Bahwa Golkar pada satu sisi, bersikap mengusung AH sebagai Capres dan pada sisi lain, Golkar berusaha membangun diplomasi politik dengan Capres lain, menawarkan AH sebagai Cawapres. Gaya diplomasi politik Golkar ini tidak paralel dengan kebutuhan politik zaman now. Publik Indonesia sudah melek politik. Sulit bagi orang ataupun partai melawan presepsi publik. Karena itu bagi saya Golkar sulit menangkan vonis publik pada AH. Justru semakin didorong kejalur diplomasi, semakin ditelanjangi publik kebobrokannya. Zaman now publik lebih senang dengan gaya politik terbuka, figur yang bersih, apa adanya, dan tentu sulit bagi figur yang bermasalah untuk mendapatkan tempat dihati rakyat.

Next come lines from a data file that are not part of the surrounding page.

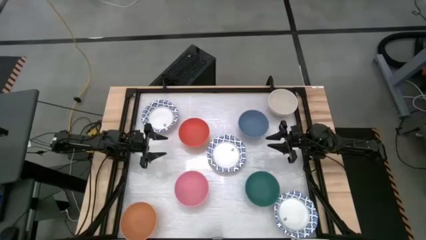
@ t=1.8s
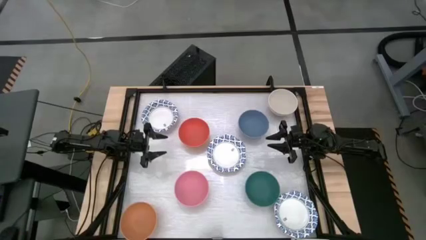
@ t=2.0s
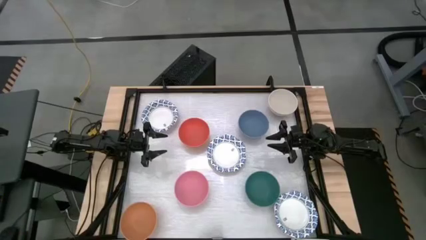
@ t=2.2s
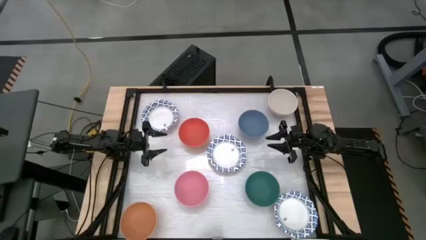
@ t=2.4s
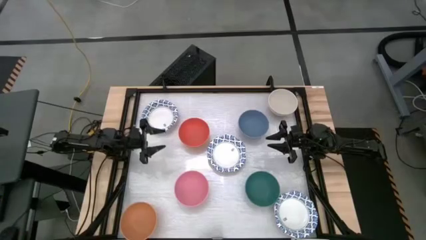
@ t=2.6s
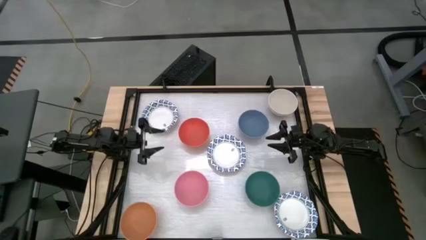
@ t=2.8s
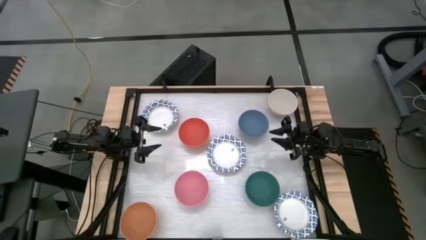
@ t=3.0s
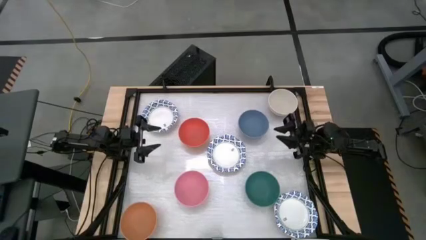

Dalam penjajakan koalisi, penentunya adalah kesetaraan kekuatan dan kepentingan. MIsalnya yang dituju Golkar adalah Ganjar diajukan sebagai Capres. maka kalkulasi utama kubu Ganjar, adalah nillai pengaruh AH yang dijadikan barter kepentingan Golkar. Pengaruh dan keterpilihannya figur AH yang dibaca sebagai syarat utama, sebab tujuan koalisi adalah menambah kekuatan politik bukan mengurangi.
Sehingga seberapa besar kekuatan yang didapatkan kubu Ganjar, jika AH dikonpensasi sebagai Cawapresnya Ganjar akan dikalkulasi matang. Bagi saya kecil sekali kemungkinannya, bila ada figur lain ditawari posisi Capres dengan barter AH sebagai Cawapres Golkar. Problemnya ada pada daya dukung publik pada AH yang tidak signifikan. Bahkan AH berpotensi jadi figur trouble maker atau penggerus suara. Besar sekali potensi berpasangan dengan AH, akan mengalami erosi suara dipilpres 2024.
Mari kita lihat, apakah bargaining Golkar dengan menawarkan posisi AH ketum Golkar sebagai wapres punya peluang atau tidak?, Jawaban saya sederhana saja, kecil sekali kemungkinan dan bahkan sama sekali tidak punya peluang. Sulit bagi calon siapapun untuk mau menerima tawaran itu, dan jika Golkar bersikeras, hemat saya, Golkar berpotensi jadi penggangguran dipilpres 2024. Akan jadi ekor dari koalisi yang dirajut partai partai pengusung Capres dan Cawapres 2024.
Proposal penawaran AH sebagai Cawapres tidak akan punya bobot politik yang tinggi. Dan langkah itu tidak menguntungkan Golkar. Akan sangat baik bagi Golkar, jika AH legowo dan gelar konvensi. Sebab kesulitan utamanya Golkar adalah bukan pada Golkar, melainkan bobot dukungan publik pada AH yang kecil sekali.
Bagi saya, rumus hitungan politik Golkar menjadikan AH Capres dan atau menawarkan AH sebagai Cawapres tidaklah tepat. Golkar salah membuat diagnosa politik, sehingga terperangkap dalam perangkapnya sendiri. Mustahil bagi Golkar mendapatkan dua posisi, *pertama*, AH sulit jadi Capres, dan *Kedua*, AH juga akan sulit diterima sebagai Cawapres oleh Capres siapapun yang kelak diusung Golkar. Problemnya adalah rendahnya elektabilitas AH dan ditambah lagi sejumlah skandal dugaan korupsi yang melilitnya. Akibatnya stigma publik pada AH negatif, itulah yang menyebabkan survei dan posisi tawar AH rendah.